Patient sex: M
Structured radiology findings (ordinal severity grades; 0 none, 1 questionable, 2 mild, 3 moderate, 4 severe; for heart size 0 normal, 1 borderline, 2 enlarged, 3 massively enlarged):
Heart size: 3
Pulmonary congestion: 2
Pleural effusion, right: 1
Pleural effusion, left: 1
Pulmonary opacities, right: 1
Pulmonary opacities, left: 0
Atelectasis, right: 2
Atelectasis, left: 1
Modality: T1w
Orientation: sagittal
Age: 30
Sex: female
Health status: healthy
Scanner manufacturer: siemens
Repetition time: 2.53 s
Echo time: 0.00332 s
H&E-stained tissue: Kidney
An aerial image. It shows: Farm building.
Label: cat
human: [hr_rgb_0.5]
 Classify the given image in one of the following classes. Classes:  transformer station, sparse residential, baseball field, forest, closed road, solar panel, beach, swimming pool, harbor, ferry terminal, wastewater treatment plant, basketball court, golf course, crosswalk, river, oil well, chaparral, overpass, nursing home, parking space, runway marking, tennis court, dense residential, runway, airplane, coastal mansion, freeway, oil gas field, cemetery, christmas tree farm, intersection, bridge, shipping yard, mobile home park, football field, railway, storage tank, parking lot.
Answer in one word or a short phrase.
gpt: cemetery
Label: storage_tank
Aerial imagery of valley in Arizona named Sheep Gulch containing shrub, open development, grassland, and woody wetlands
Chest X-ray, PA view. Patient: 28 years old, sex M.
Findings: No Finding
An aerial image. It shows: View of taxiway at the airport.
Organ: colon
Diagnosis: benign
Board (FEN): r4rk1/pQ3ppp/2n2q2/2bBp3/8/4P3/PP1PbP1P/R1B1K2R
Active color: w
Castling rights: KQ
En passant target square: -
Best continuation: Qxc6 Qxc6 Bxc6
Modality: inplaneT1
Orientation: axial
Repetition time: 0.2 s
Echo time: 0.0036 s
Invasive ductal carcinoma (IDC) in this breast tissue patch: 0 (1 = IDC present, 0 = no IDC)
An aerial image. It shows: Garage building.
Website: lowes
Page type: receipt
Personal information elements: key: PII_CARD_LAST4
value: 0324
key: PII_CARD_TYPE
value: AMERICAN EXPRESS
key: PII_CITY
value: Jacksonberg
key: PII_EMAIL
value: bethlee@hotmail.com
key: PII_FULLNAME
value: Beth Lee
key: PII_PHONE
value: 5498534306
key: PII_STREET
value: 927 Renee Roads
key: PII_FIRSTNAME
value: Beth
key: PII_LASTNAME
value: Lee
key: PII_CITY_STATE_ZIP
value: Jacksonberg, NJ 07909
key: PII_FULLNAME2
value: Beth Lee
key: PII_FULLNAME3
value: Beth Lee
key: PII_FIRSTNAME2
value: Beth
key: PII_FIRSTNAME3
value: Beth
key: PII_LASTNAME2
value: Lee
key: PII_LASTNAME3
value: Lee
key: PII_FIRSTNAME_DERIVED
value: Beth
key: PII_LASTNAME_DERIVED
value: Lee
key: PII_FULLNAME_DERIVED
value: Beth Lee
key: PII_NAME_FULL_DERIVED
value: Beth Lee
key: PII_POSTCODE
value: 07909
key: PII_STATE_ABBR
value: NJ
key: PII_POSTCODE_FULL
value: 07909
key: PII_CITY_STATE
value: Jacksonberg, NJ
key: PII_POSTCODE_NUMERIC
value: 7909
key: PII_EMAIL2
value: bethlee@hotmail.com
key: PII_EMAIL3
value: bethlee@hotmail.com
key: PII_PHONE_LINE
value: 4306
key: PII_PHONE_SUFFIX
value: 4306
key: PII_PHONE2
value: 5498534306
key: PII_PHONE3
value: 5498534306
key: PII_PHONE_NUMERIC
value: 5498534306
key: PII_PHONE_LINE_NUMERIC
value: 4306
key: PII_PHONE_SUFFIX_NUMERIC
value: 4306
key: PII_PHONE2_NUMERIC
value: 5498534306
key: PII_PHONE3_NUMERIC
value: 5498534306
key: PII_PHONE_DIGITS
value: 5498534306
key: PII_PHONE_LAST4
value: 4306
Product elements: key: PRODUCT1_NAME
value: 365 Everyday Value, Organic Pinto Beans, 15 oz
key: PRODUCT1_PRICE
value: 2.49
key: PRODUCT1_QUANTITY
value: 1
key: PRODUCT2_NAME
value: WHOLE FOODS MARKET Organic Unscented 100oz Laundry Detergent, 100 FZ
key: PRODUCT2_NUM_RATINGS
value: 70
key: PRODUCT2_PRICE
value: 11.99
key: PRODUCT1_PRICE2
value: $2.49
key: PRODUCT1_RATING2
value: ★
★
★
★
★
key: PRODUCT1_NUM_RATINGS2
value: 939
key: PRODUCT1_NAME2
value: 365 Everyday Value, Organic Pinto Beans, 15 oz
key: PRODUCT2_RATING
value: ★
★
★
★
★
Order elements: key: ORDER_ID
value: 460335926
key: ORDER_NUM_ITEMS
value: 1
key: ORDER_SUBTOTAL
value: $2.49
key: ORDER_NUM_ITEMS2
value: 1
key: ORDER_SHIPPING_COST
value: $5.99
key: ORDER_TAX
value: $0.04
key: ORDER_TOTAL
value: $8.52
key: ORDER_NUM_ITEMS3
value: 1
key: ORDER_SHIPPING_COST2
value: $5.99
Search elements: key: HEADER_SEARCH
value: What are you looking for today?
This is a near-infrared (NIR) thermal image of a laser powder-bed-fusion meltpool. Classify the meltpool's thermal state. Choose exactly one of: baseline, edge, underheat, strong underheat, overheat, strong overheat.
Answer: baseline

- THE PROBLEM:
Quote in full each line from the top of the records above through the line with "Pleural effusion, left: 1"; stop after that line.

- SOLUTION:
Patient sex: M
Structured radiology findings (ordinal severity grades; 0 none, 1 questionable, 2 mild, 3 moderate, 4 severe; for heart size 0 normal, 1 borderline, 2 enlarged, 3 massively enlarged):
Heart size: 3
Pulmonary congestion: 2
Pleural effusion, right: 1
Pleural effusion, left: 1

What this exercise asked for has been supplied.